Они смотрят друг на друга неотрывно, напряженно, с болезненным вниманием. В глазах Реймана – лед, в Мишиных – пламя. И они схлестнулись в безмолвном поединке…

В грудь закрадывается тревога. Как бы Миша сейчас не искалечил Реймана. Он ведь может. Действительно может… Сейчас подойдет, ударит, а Денис в коляске…
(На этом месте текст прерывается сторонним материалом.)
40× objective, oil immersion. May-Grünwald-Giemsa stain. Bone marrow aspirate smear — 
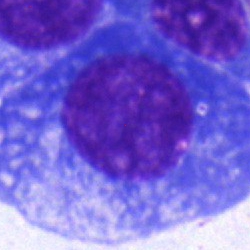Morphological class: plasmacyte.
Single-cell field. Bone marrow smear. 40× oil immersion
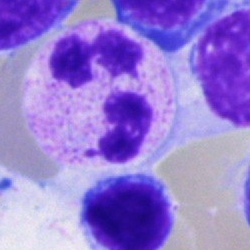Morphology consistent with a neutrophil (segmented).
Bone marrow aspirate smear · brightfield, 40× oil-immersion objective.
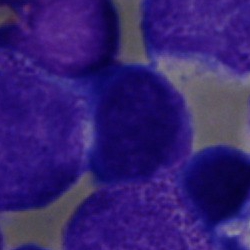 Q: What cell is this?
A: This is an undifferentiated blast.
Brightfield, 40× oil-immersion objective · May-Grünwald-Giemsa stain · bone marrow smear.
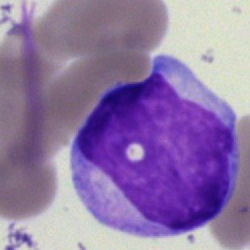

Cell — undifferentiated blast.
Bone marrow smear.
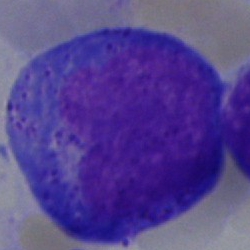

Q: What cell is this?
A: This is a promyelocyte.
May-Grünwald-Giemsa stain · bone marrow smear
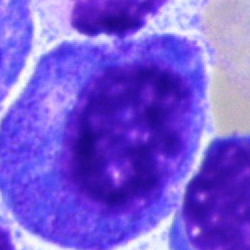Q: Which cell type is shown here?
A: This is a progranulocyte.
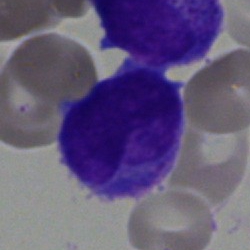Cell type: blast.
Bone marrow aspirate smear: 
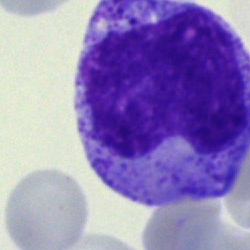The cell shown is a promyelocyte.
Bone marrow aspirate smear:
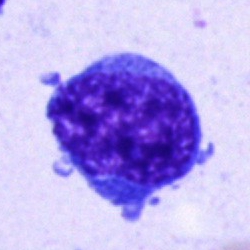 A blast cell.
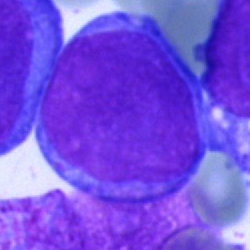

Cell: undifferentiated blast.
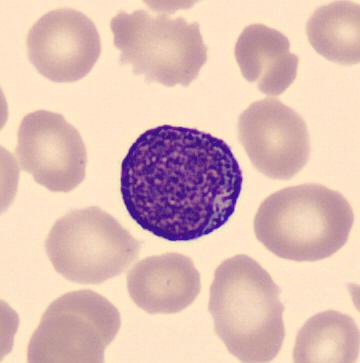

Morphology — progranulocyte.
Image: Peripheral blood film.
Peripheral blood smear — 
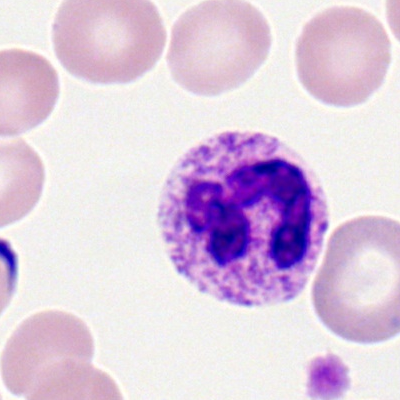Impression — segmented neutrophil.
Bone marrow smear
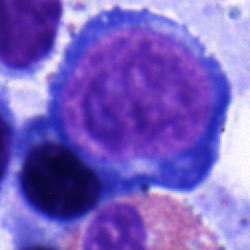 Proerythroblast.
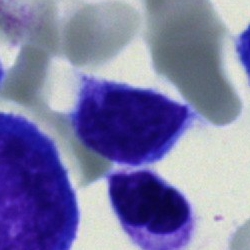

Cell — lymphocyte.
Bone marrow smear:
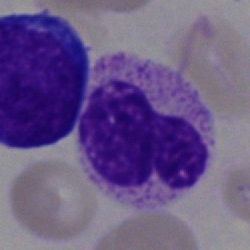
A polymorphonuclear neutrophil.
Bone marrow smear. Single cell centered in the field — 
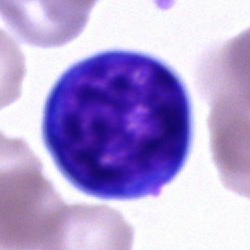 {"cell_type": "pronormoblast"}
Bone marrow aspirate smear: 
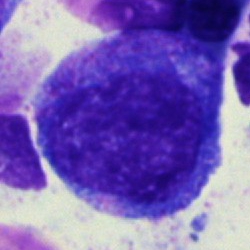The cell is progranulocyte.
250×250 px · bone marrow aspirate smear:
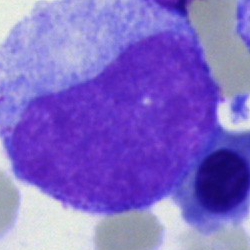
Morphological class = undifferentiated blast.
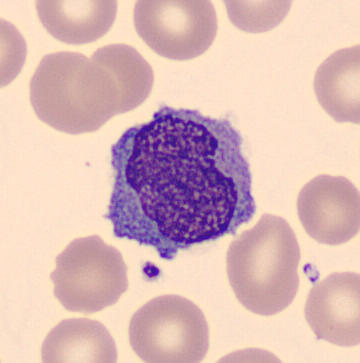

Specimen: peripheral blood film.
Cell: monocyte.
Lineage: myeloid.
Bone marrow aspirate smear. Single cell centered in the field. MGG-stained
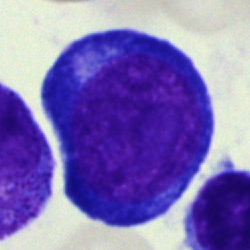
Cell type: proerythroblast.
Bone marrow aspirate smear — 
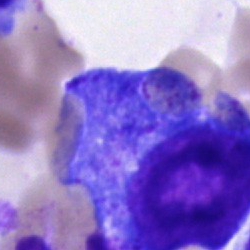

The cell type is progranulocyte.
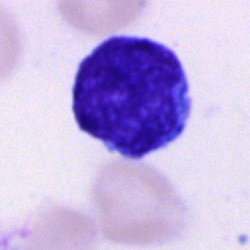 Morphology — typical lymphocyte.
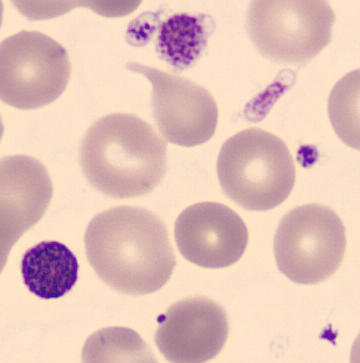 Preparation: Peripheral blood film.
Morphological class = thrombocyte.
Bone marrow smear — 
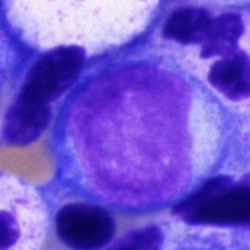 Specimen: bone marrow aspirate smear.
Cell type: blast cell.
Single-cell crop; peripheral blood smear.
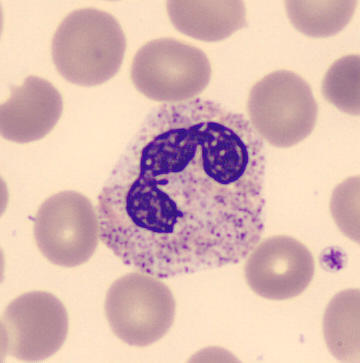

Cell type: segmented neutrophil.
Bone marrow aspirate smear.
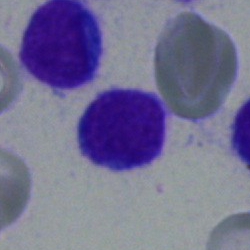
{"cell_type": "typical lymphocyte"}
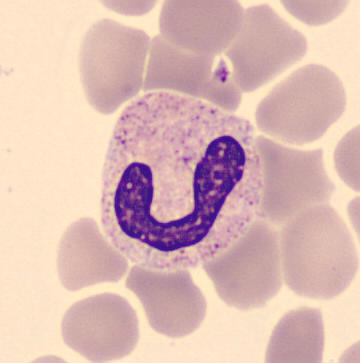 Impression → neutrophil (band).
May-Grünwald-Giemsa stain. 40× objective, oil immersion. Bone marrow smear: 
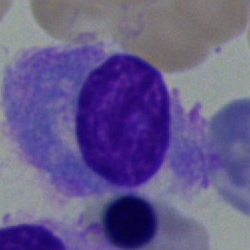Morphological class — plasmacyte.
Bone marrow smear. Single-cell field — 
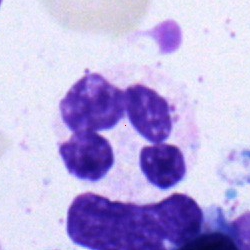 {"cell_type": "segmented neutrophil", "lineage": "myeloid"}
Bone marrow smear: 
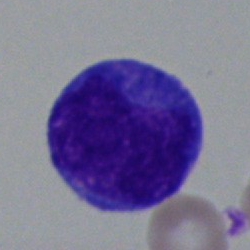 Q: Identify the cell.
A: Blast cell.
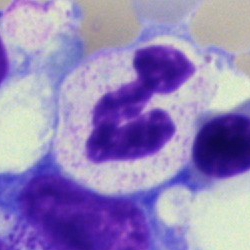 The classification is segmented neutrophil.
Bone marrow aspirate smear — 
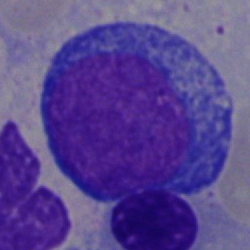
Showing a proerythroblast.
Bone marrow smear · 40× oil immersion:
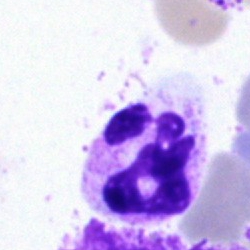

Morphological class: polymorphonuclear neutrophil.
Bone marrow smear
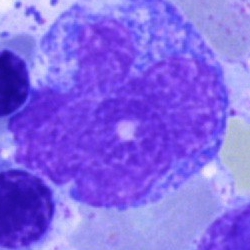 Morphology consistent with a monocyte.
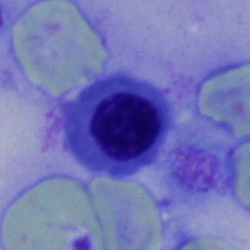An erythroblast.
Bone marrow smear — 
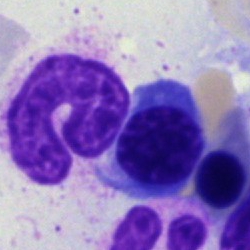
The cell is band neutrophil.
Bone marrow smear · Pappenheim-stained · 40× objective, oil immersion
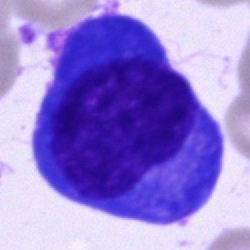

Morphological class = plasmacyte.
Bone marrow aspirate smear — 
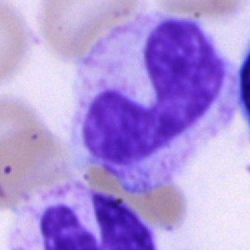

Neutrophil (band).
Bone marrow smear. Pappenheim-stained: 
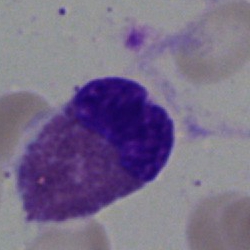
Morphological class = eosinophil.
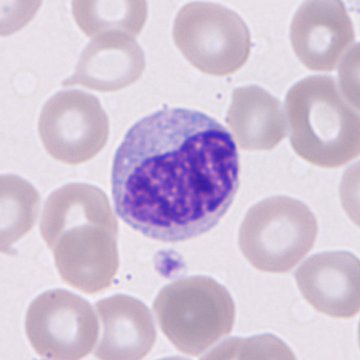
CellaVision DM96; peripheral blood smear.
{"cell_type": "immature granulocyte (promyelocyte, myelocyte or metamyelocyte)", "lineage": "myeloid"}
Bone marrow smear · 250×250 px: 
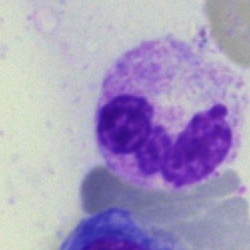
Specimen: bone marrow aspirate smear.
Morphological class: polymorphonuclear neutrophil.
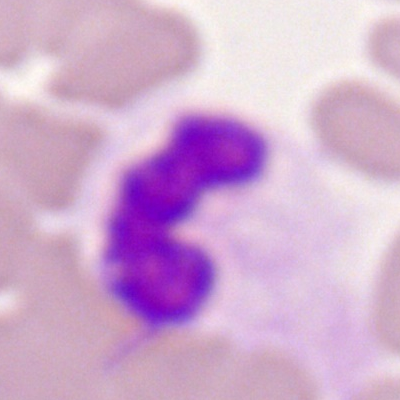
Cell type = polymorphonuclear neutrophil.
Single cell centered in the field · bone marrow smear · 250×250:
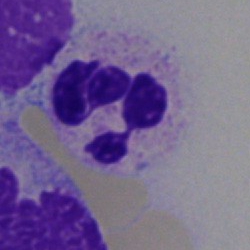
The cell shown is a polymorphonuclear neutrophil.
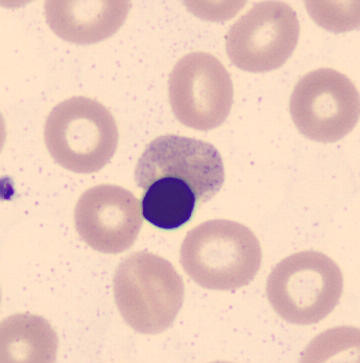The cell shown is an erythroblast. Peripheral blood smear.
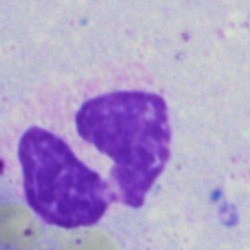

Classification — artefact.
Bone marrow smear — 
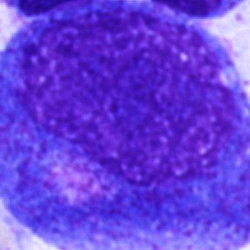 Progranulocyte.
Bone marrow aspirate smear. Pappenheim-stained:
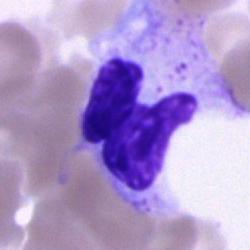 Q: Which cell type is shown here?
A: A segmented neutrophil.
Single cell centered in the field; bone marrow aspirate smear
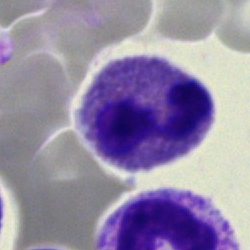
Neutrophil (segmented).
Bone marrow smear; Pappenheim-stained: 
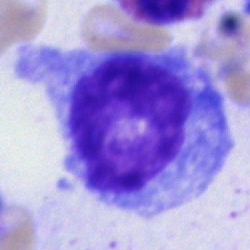 Classification: cell of indeterminate lineage.
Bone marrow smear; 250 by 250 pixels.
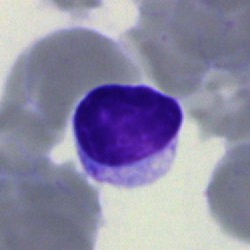 A typical lymphocyte.
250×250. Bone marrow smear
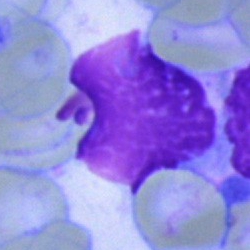 Single cell identified as an artifact.
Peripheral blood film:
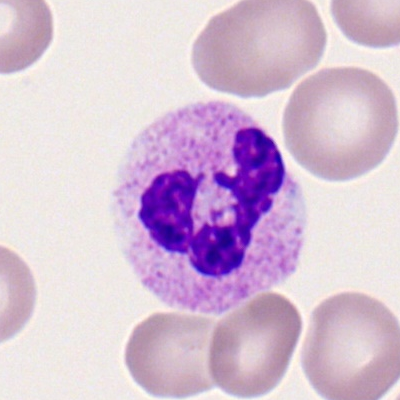
Showing a polymorphonuclear neutrophil.
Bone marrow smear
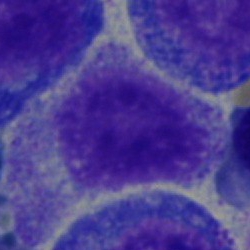Cell: myelocyte.
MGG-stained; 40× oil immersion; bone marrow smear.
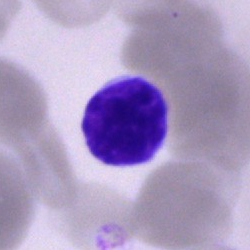

Showing a lymphocyte.
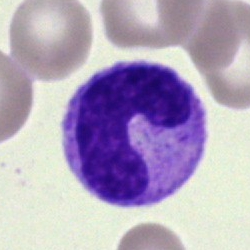

Bone marrow aspirate smear, single cell — stab cell.
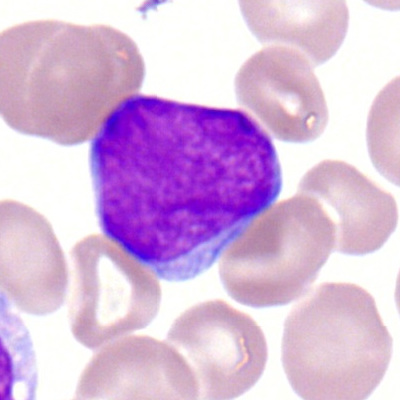 Q: What is the morphological classification of this cell?
A: It is a myeloid blast.
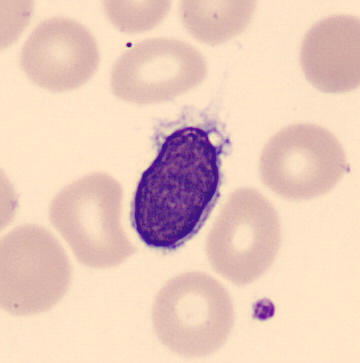

Q: What cell is this?
A: This is a lymphocyte.

Peripheral blood film.
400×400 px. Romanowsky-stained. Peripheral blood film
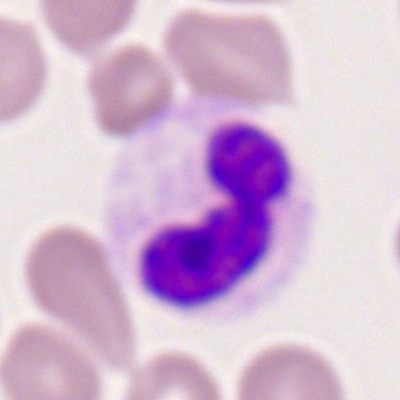

Specimen: peripheral blood film.
Cell type: polymorphonuclear neutrophil.
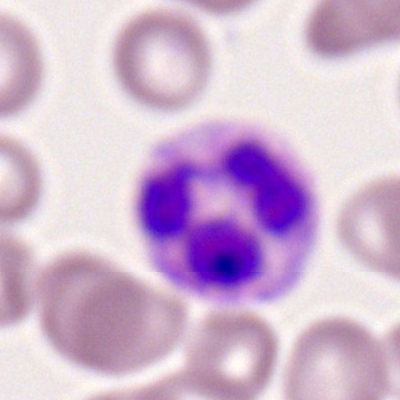 Segmented neutrophil.
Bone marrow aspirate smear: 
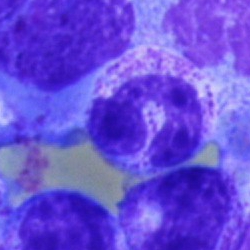Specimen: bone marrow smear.
Morphological class: polymorphonuclear neutrophil.
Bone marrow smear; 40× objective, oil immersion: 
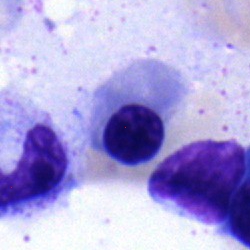Morphology → erythroblast.
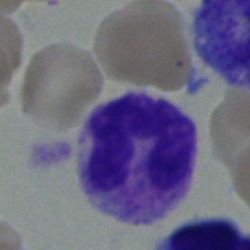

Morphology — stab cell.
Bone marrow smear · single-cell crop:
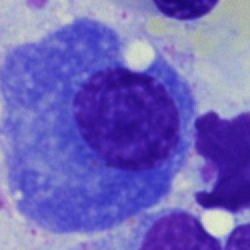 This is a plasma cell.
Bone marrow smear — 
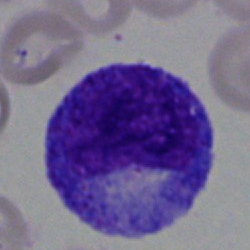

Impression — progranulocyte.
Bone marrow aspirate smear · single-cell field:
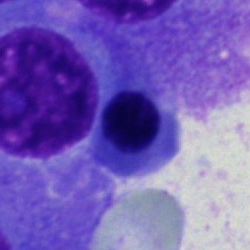
Q: Identify the cell.
A: Nucleated red blood cell.
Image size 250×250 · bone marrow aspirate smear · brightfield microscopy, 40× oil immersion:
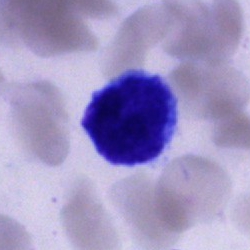

{"cell_type": "cell of indeterminate lineage"}
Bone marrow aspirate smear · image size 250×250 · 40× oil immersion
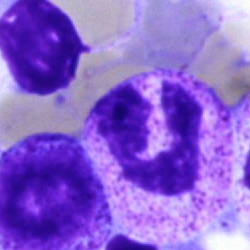Single cell identified as a polymorphonuclear neutrophil.
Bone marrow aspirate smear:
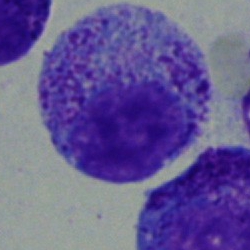

Impression → myelocyte.
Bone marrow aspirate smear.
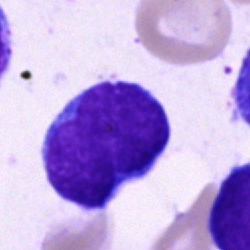
A blast cell.
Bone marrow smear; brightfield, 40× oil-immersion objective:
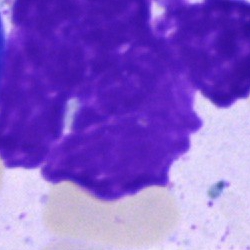Specimen: bone marrow aspirate smear.
Classification: artefact.
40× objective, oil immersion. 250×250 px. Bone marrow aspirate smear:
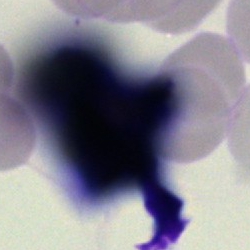 Single cell identified as an artefact.
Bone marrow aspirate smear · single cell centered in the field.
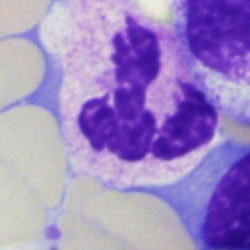 The cell shown is a polymorphonuclear neutrophil.
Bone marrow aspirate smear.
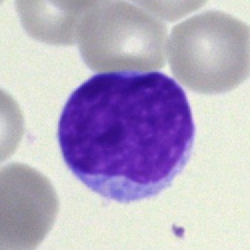
Impression — blast.
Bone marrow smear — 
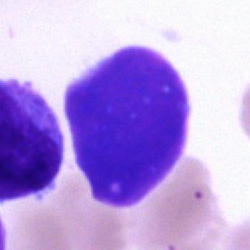 Specimen: bone marrow smear.
Morphological class: artifact.
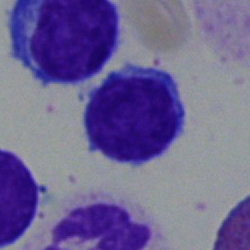

Single-cell crop from a bone marrow smear: lymphocyte.
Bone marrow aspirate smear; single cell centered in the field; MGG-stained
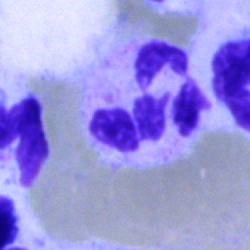Cell = segmented neutrophil.
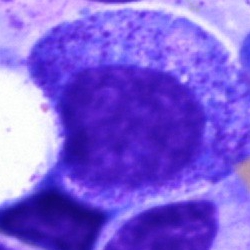 {"cell_type": "promyelocyte"}
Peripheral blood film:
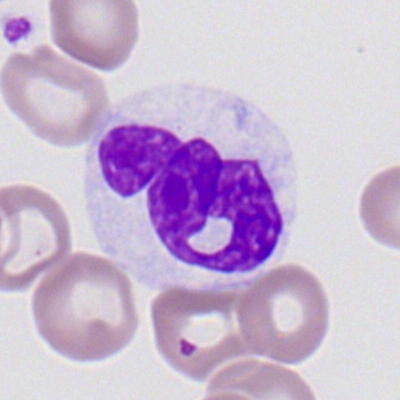

Impression → segmented neutrophil.

Но мои опасения не оправдываются. Не обронив ни слова, Миша разворачивается, в несколько шагов приближается к машине и садится в нее.

Когда раздается рев мотора, я наконец выхожу из немого оцепенения и бросаюсь к автомобилю.

– Миша, подожди! Пожалуйста, постой! – стучу ладонями по стеклам, но парень не реагирует, глядя прямо перед собой.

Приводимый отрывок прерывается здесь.